Could you copy exactly the lines below from the one with "40 di oggi nella" to the one with "tekniska hjälpmedel. Talteknologi.", inclusive, leaving out any pictures?

* Available data:
● ● ● ● ●
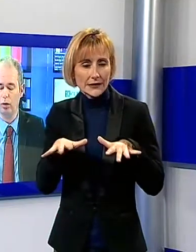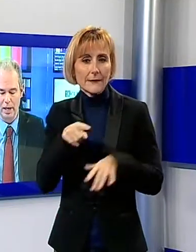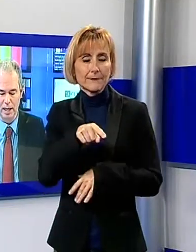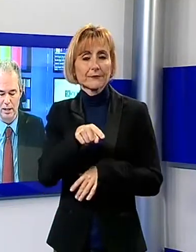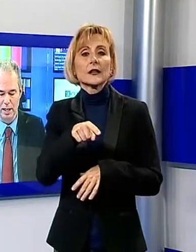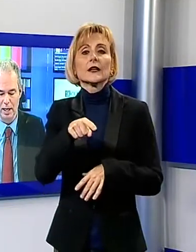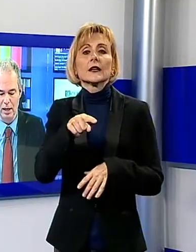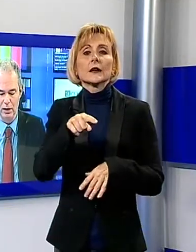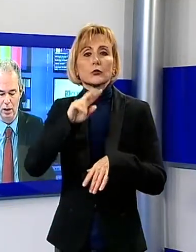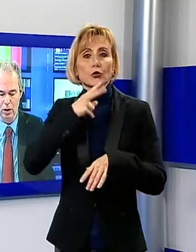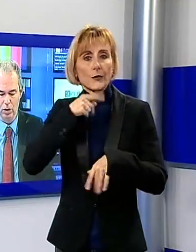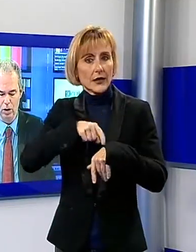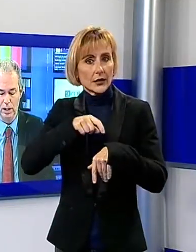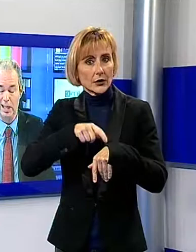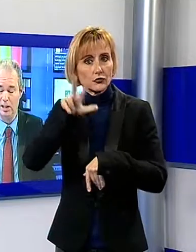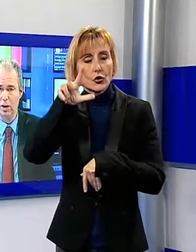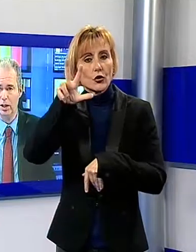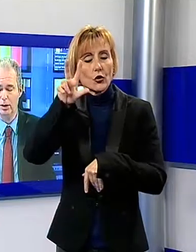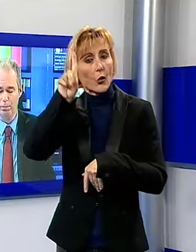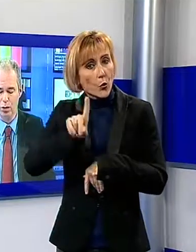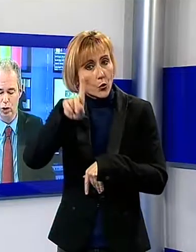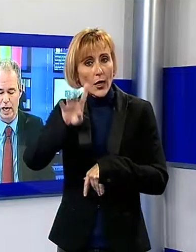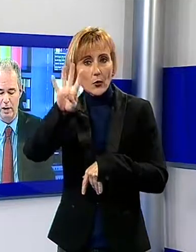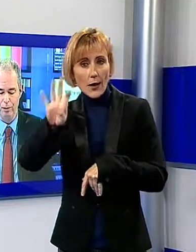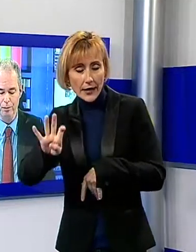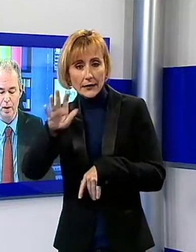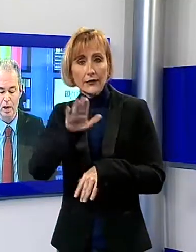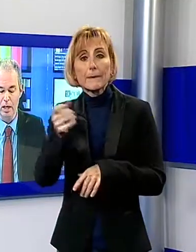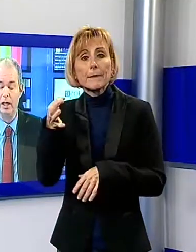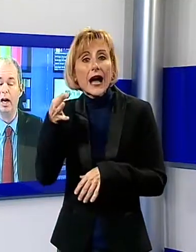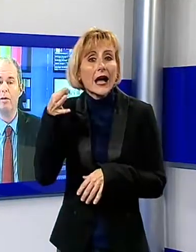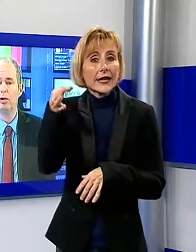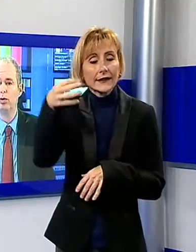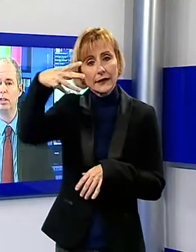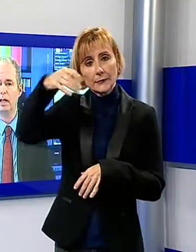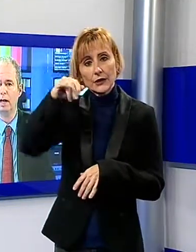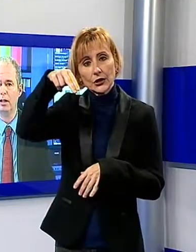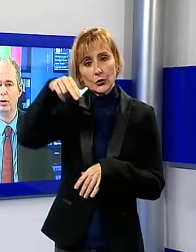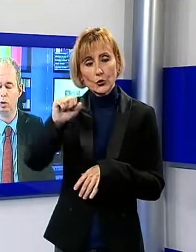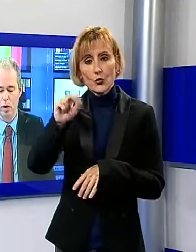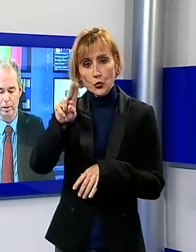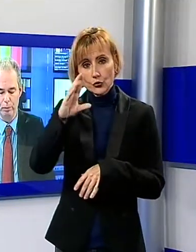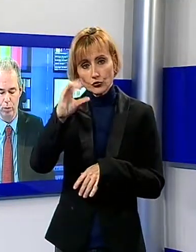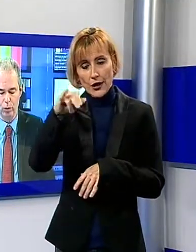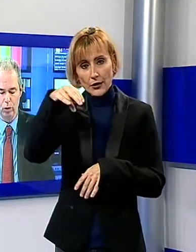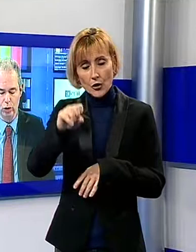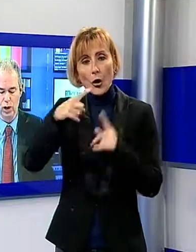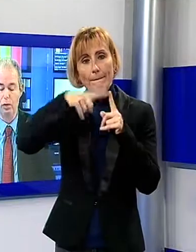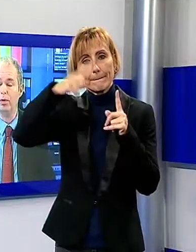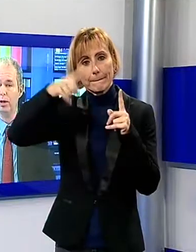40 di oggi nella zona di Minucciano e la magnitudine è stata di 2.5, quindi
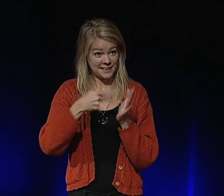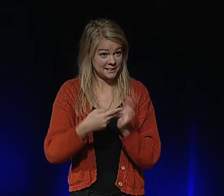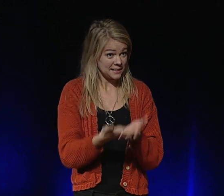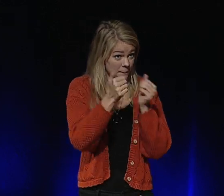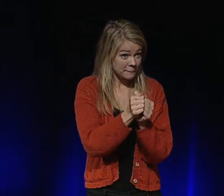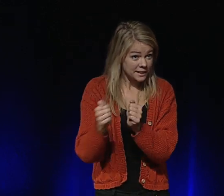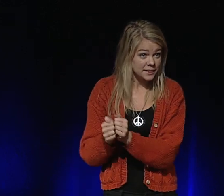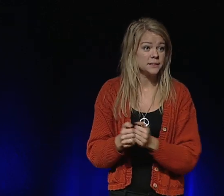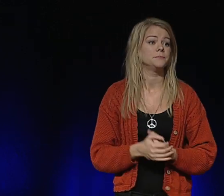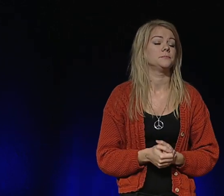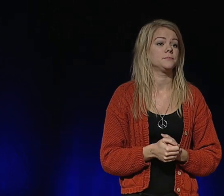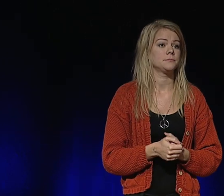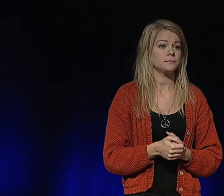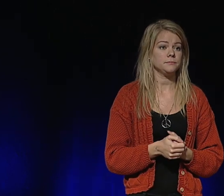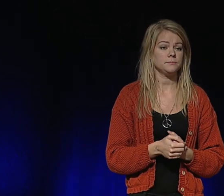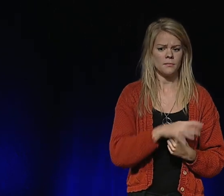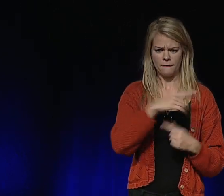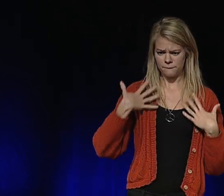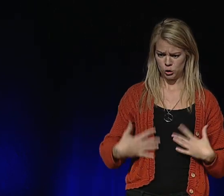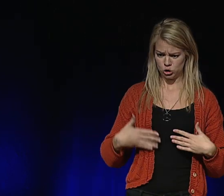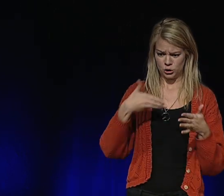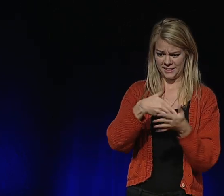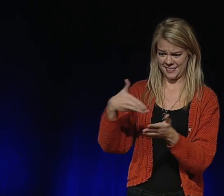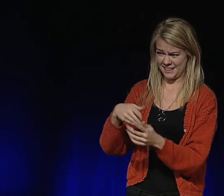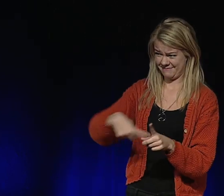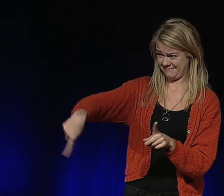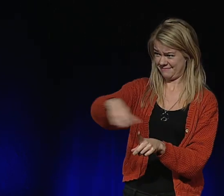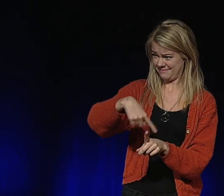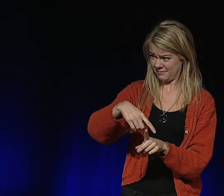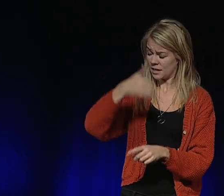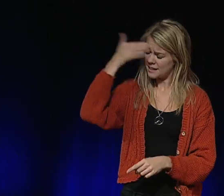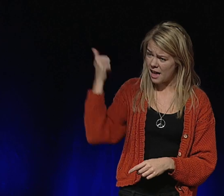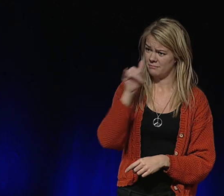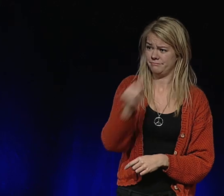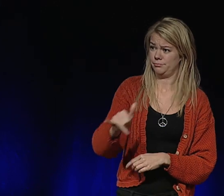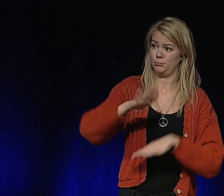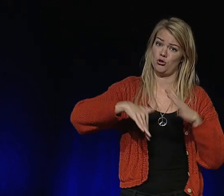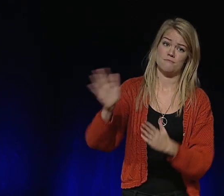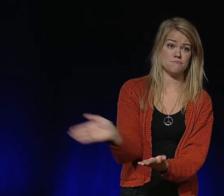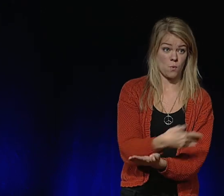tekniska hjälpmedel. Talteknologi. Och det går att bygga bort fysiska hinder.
● ● ● ● ●
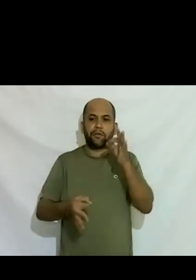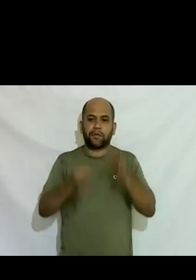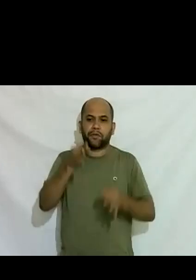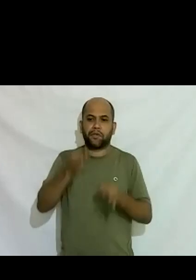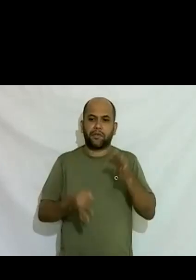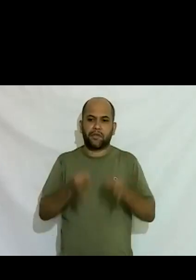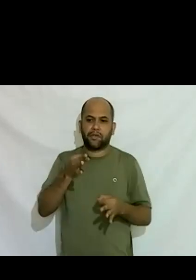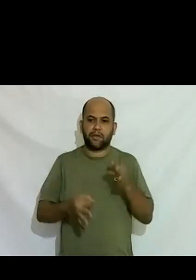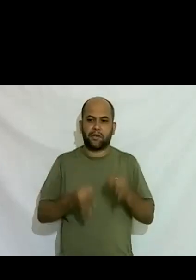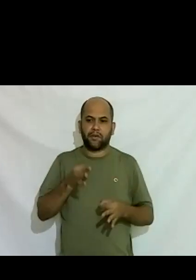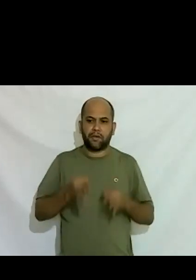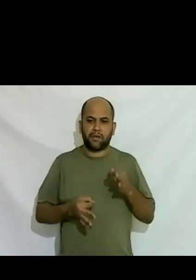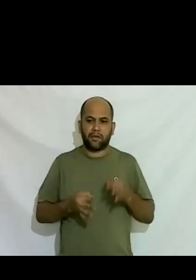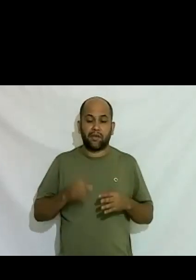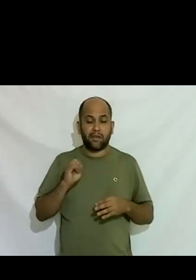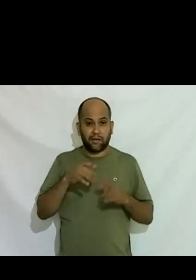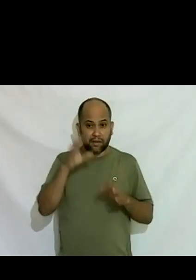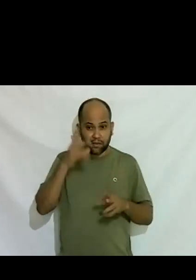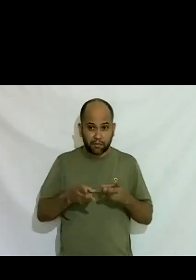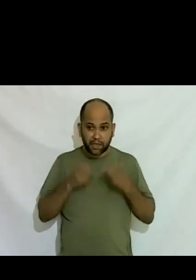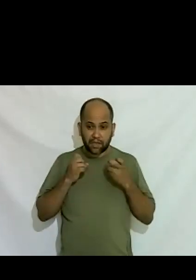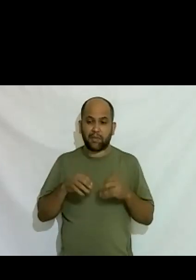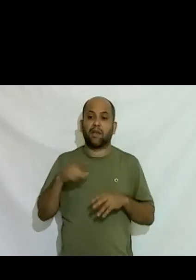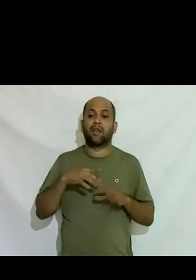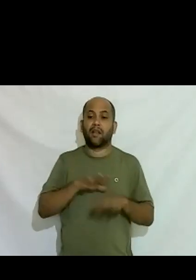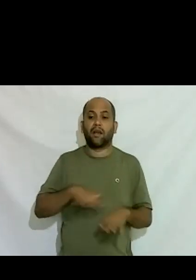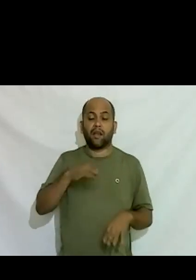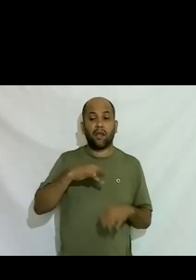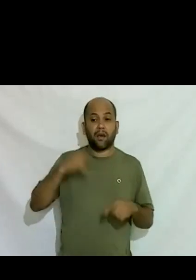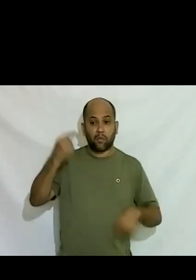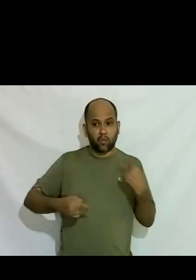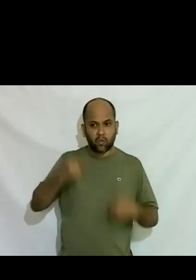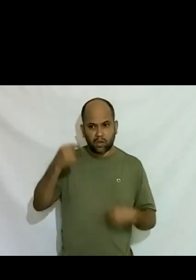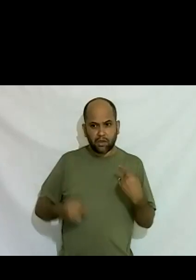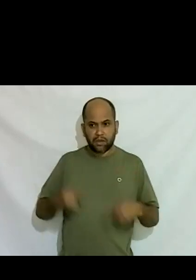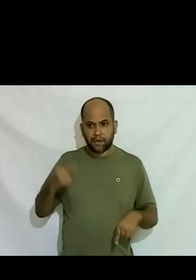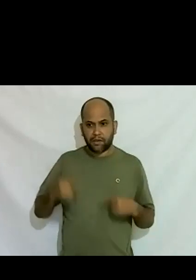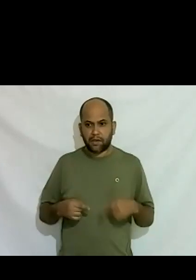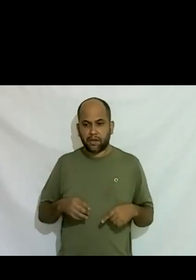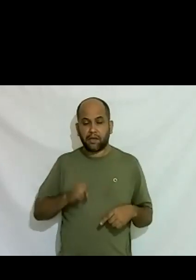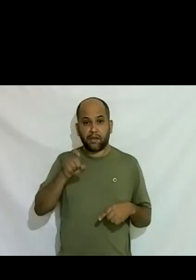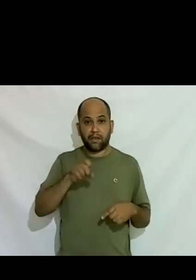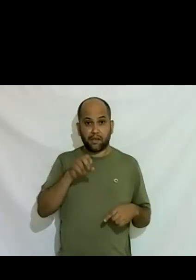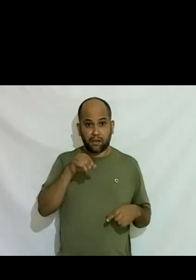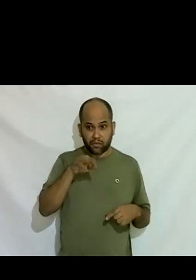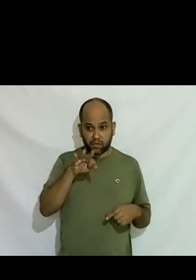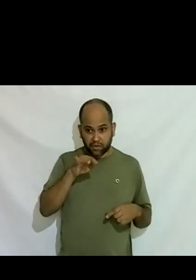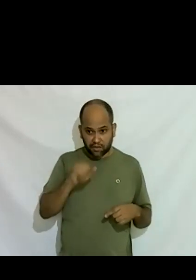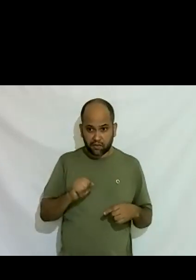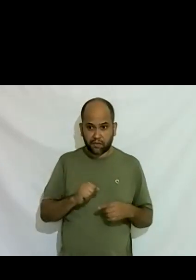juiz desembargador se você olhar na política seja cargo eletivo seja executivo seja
● ● ● ● ●
* Solution for this problem:
40 di oggi nella zona di Minucciano e la magnitudine è stata di 2.5, quindi
tekniska hjälpmedel. Talteknologi. Och det går att bygga bort fysiska hinder.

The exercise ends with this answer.